Monday 30 January 2023

National Records of Scotland seeks new Keeper of the Records and Registrar General

My understanding is that just before Christmas, Paul Lowe, the Keeper of the Records of Scotland and Registrar General, suddenly resigned after a horrendous period in office - not just with the delayed and controversial 2022 census, but also with the complete inability to engage with the archive's user base. For those lamenting his departure, you have my condolences. His LinkedIn profile still lists him in post, as indeed does the NRS website.

There has been no official announcement about his departure (despite my asking the NRS about it on Twitter in December and again in January), but the post for his replacement is now being advertised here.  

The following is the role as advertised:

Responsibilities

The role exercises considerable personal autonomy and decision making in the strategic leadership of NRS. Due to the significance and diversity of NRS’s functions, the post-holder is often required to engage in complex issues, in areas of public, media and political interest.

As Registrar General you would have a significant national leadership role overseeing the system of registration of life events (c125K births, deaths and marriages registered each year). Additionally, you would be responsible for the statutes relating to the formalities of marriage and civil partnership and the conduct of civil marriage.

NRS also produces a wide range of statistical publications in relation to Scotland’s demography, including key data on the COVID pandemic, drugs, homelessness and other deaths, these are in areas of significant Ministerial and media interest. It is also responsible for the operation of the NHS Central Register, a key individual spine holding over 35M records.
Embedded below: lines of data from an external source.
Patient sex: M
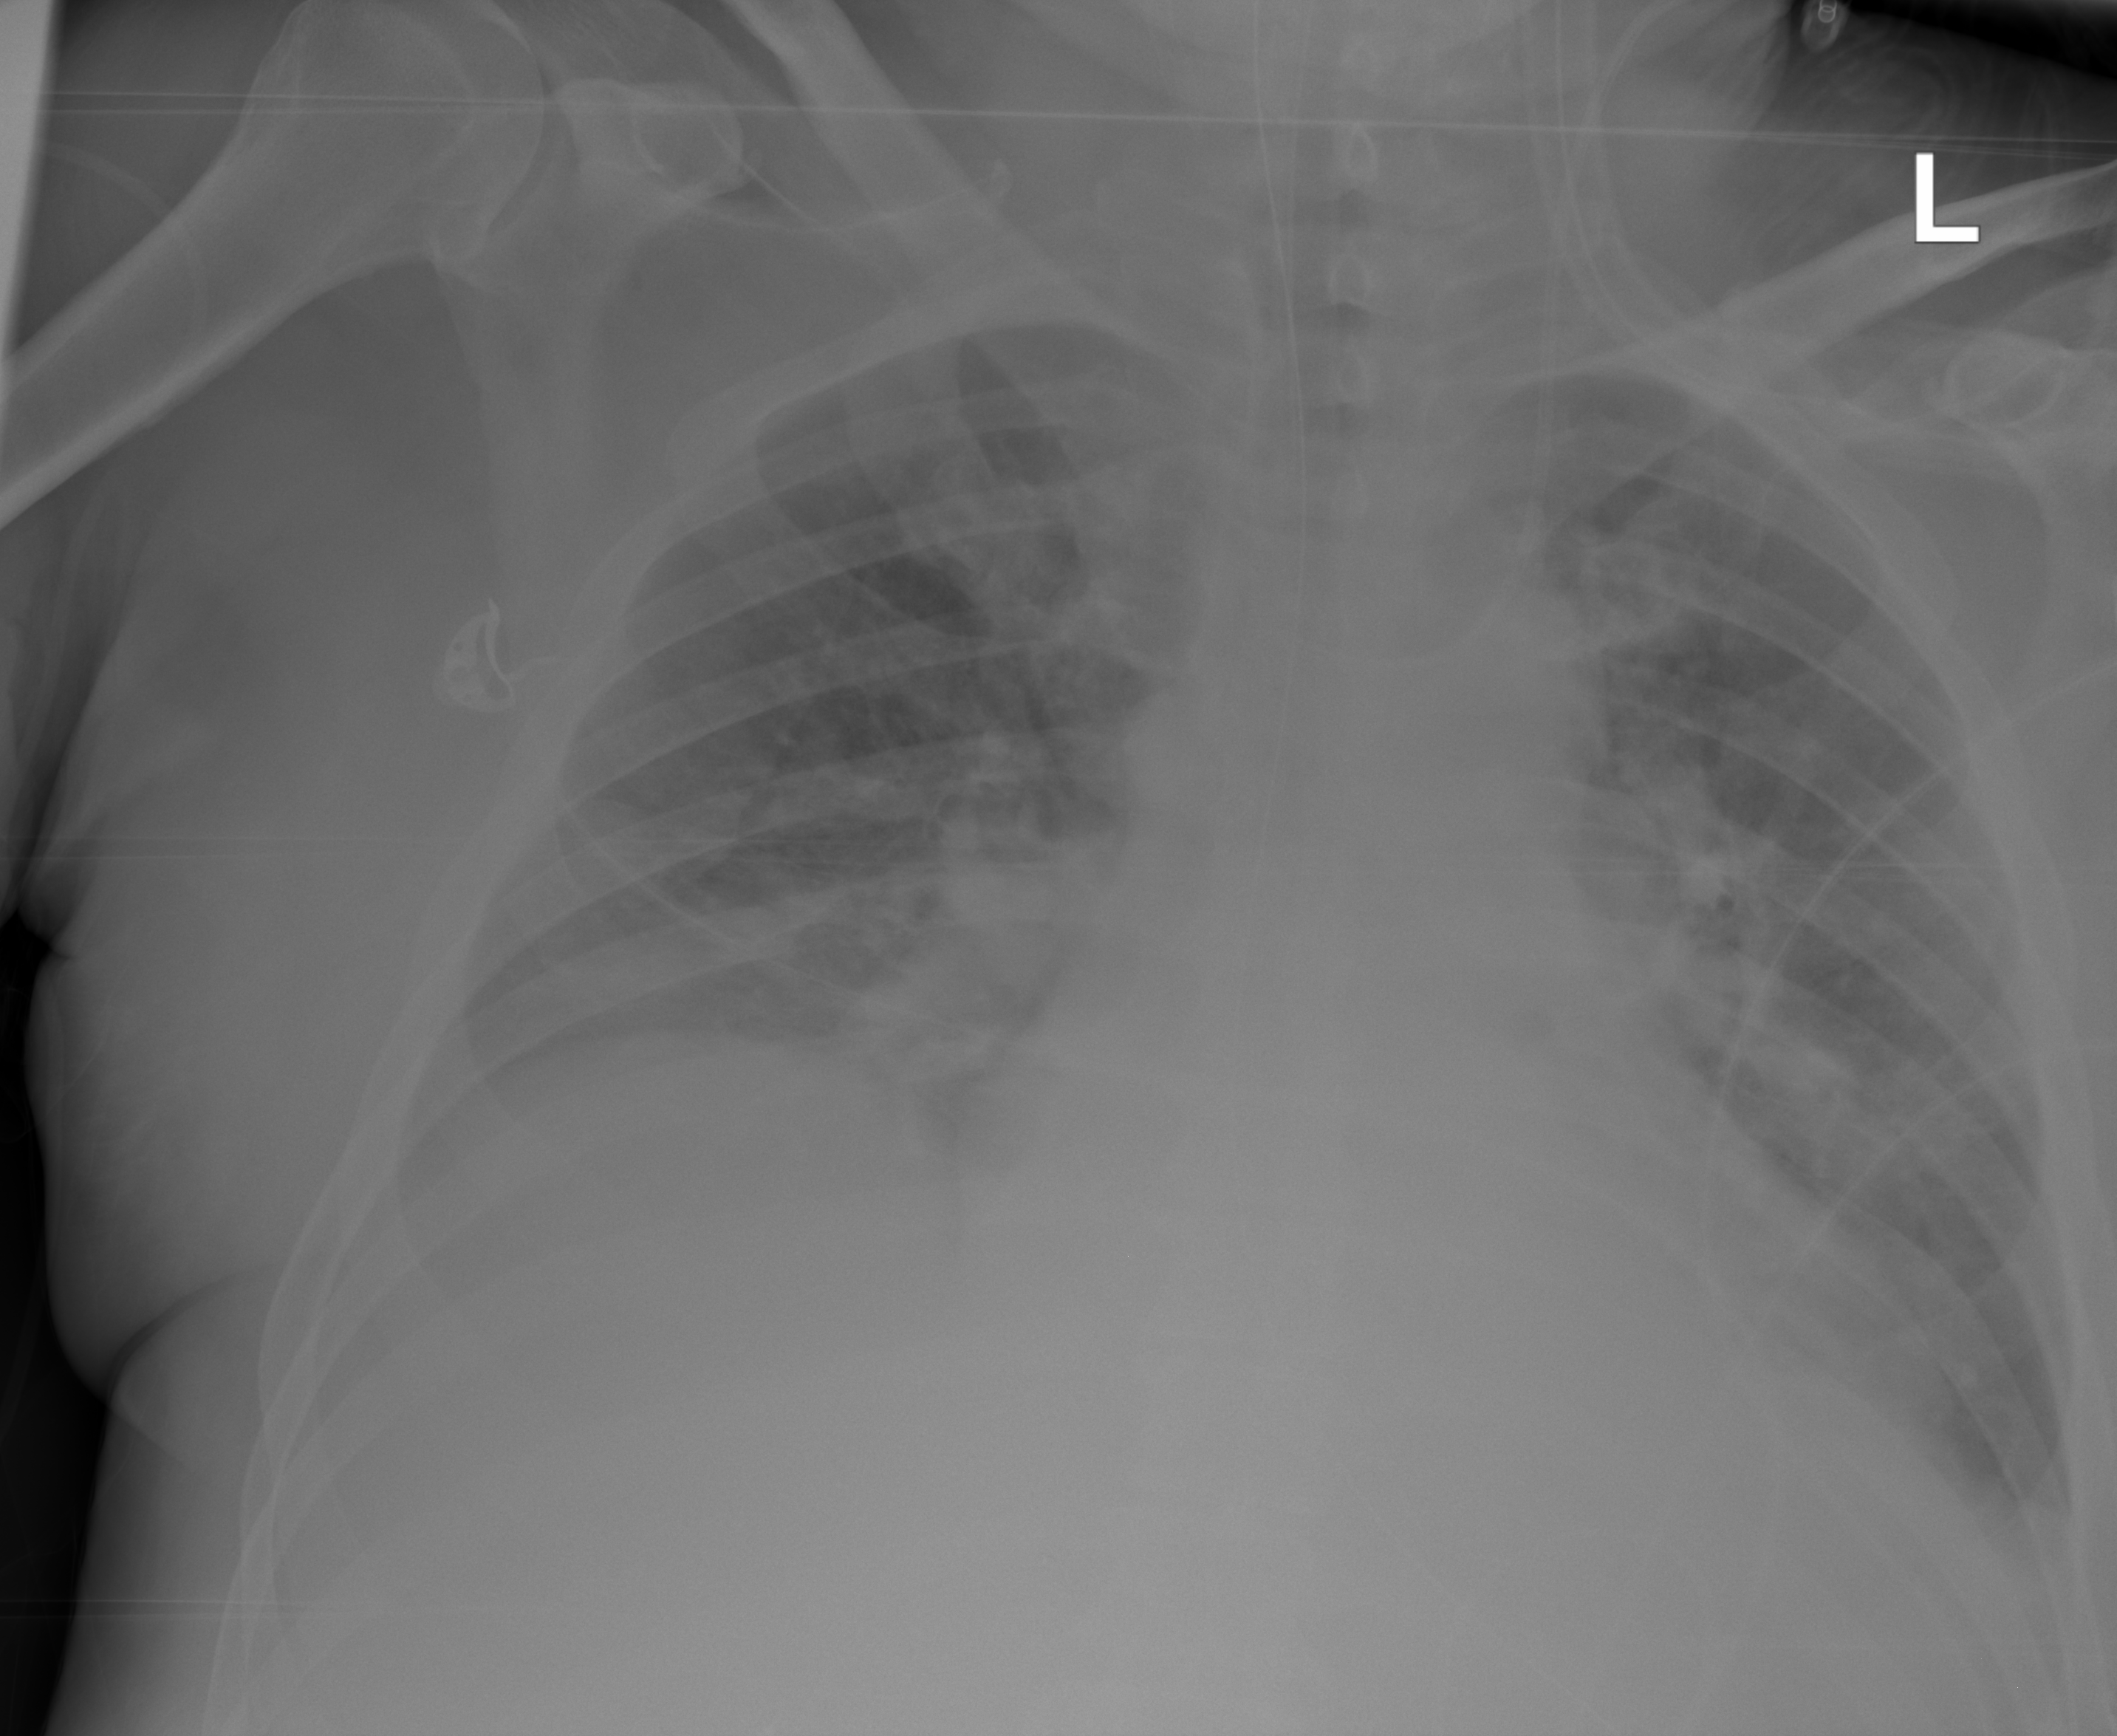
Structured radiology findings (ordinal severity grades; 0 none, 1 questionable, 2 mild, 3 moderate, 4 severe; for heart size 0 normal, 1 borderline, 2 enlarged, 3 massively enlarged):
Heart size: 2
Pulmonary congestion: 2
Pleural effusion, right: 0
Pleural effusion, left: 2
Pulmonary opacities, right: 2
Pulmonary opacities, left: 2
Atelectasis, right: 2
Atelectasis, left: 2
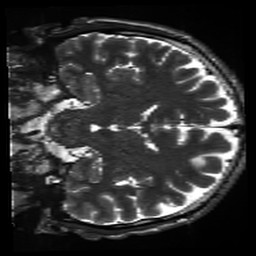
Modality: inplaneT2
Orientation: coronal
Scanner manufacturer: siemens
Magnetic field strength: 3 T
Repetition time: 11 s
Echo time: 0.059 s
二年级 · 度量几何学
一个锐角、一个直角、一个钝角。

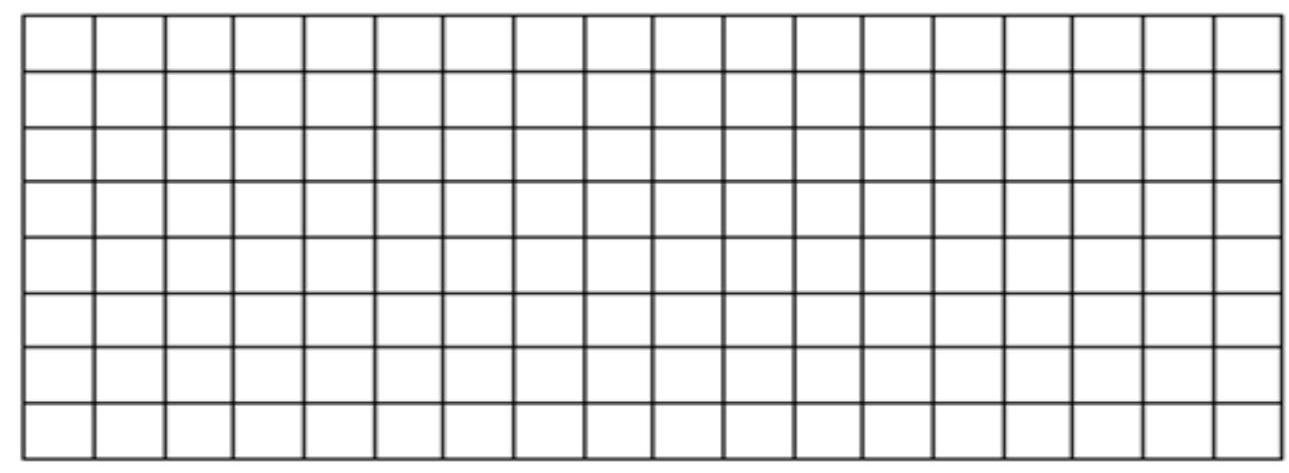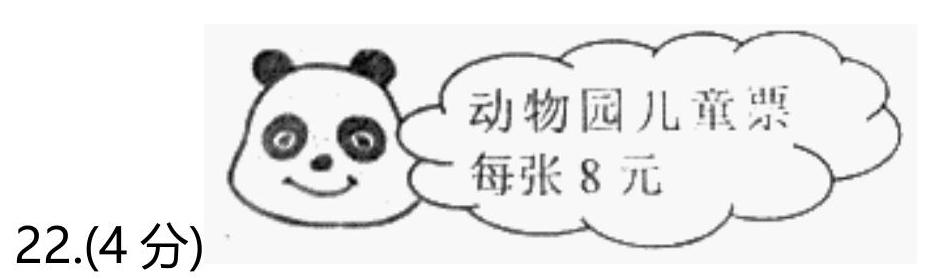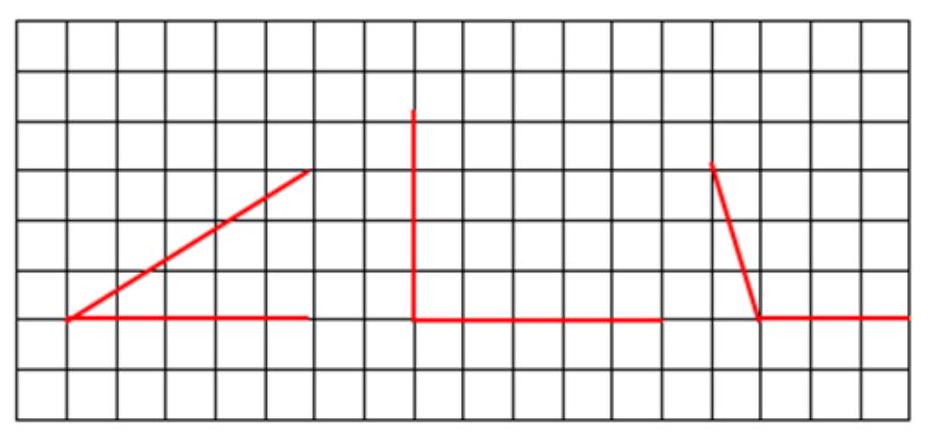
答案:
解析:
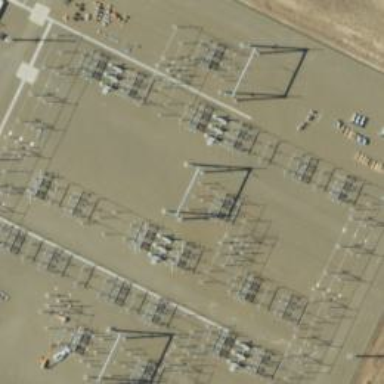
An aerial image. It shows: Transmission-level power substation.
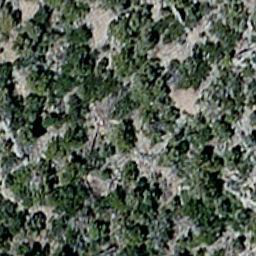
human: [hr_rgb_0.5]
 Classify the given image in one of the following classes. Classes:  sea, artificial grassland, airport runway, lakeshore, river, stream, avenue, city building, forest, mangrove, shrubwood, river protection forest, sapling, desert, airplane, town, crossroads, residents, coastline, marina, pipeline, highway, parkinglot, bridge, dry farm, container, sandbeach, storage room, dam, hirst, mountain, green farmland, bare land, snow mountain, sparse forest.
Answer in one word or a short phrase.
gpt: sparse forest
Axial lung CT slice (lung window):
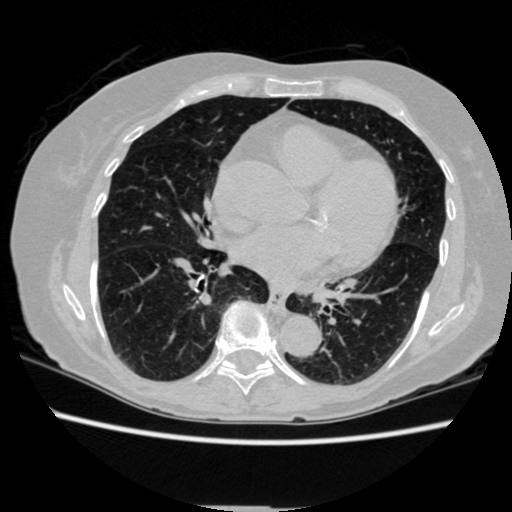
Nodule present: no
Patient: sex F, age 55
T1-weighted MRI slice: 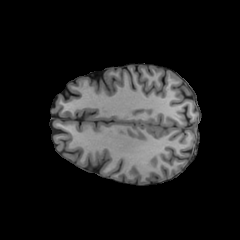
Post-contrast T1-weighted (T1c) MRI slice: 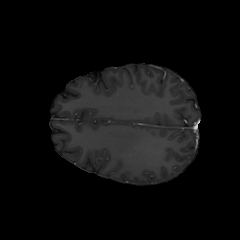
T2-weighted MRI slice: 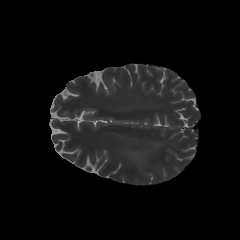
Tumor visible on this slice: no
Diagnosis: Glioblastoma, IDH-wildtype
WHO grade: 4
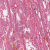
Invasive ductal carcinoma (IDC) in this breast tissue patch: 0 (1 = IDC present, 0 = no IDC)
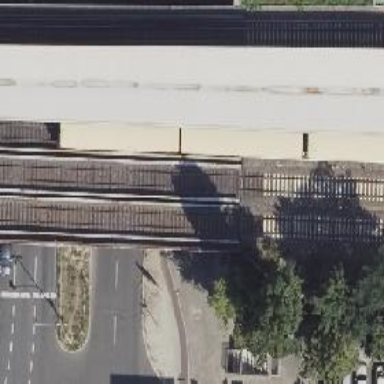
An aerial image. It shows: Railway bridge.
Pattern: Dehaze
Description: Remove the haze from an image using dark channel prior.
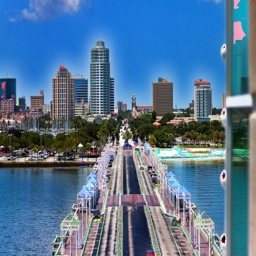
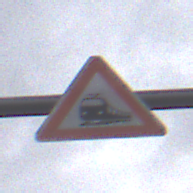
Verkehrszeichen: Bahnuebergang
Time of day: Midday
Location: Outdoor (Suburban)
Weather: Overcast
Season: NotSpecified
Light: Natural
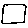
Label: square
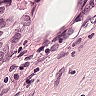
Metastatic tissue present: yes
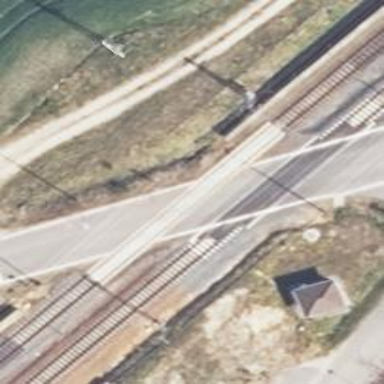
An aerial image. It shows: Railway track with contact line for electrification.
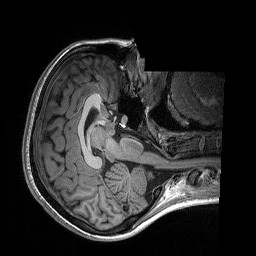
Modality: T1w
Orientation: axial
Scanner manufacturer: siemens
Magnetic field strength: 3 T
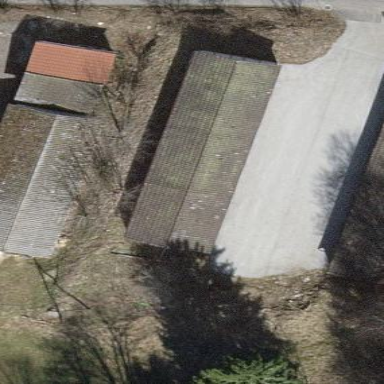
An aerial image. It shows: Area designated for garages.
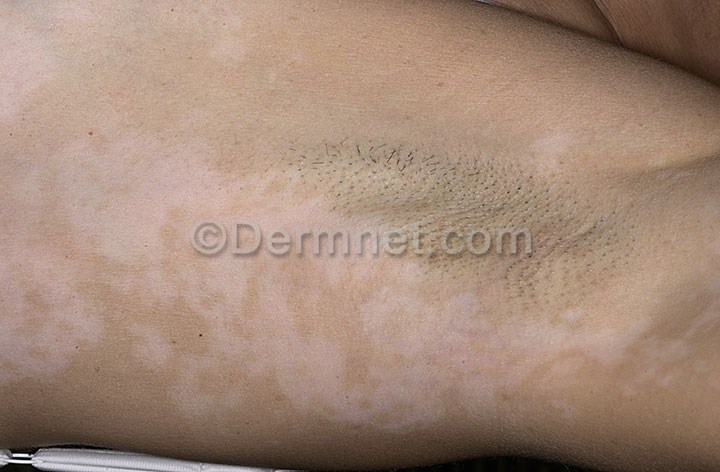
Disease: Light Diseases and Disorders of Pigmentation
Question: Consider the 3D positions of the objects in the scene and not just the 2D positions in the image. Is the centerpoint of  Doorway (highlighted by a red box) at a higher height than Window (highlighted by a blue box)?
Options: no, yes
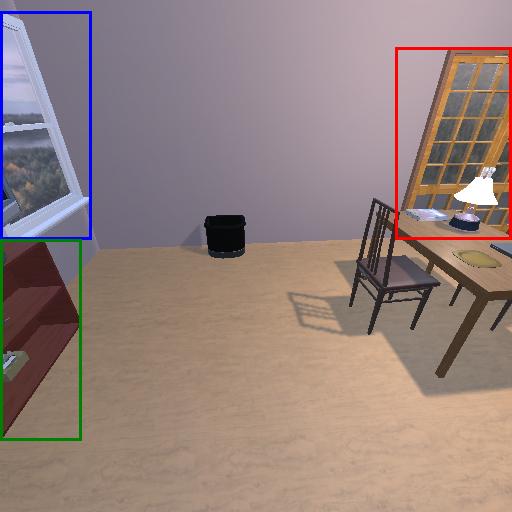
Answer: no
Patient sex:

The Registrar General leads the census of Scotland’s population, which takes place every 10 years. This is one of the most significant programmes delivered in Scotland, gathering data from a population of c5.7M / over 2.8M households / establishments. Census data informs the allocation of billions of pounds of UK and Scottish Government public funds each year and the future delivery of services. In 2022 NRS undertook the collection phase of the first principally digital census in Scotland, one of only a few of this type undertaken globally.

Since civil registration began in 1855, the Registrar General has prepared a report annually, to be laid before Parliament. The Annual Review contains an overview of Scotland’s population, including statistics on births, deaths, life expectancy, migration, marriage and civil partnership, adoption, households and housing, and statutory registration. Statistics in the report support several of the Scottish Government’s key National Outcomes and measure of the Population Purpose Target.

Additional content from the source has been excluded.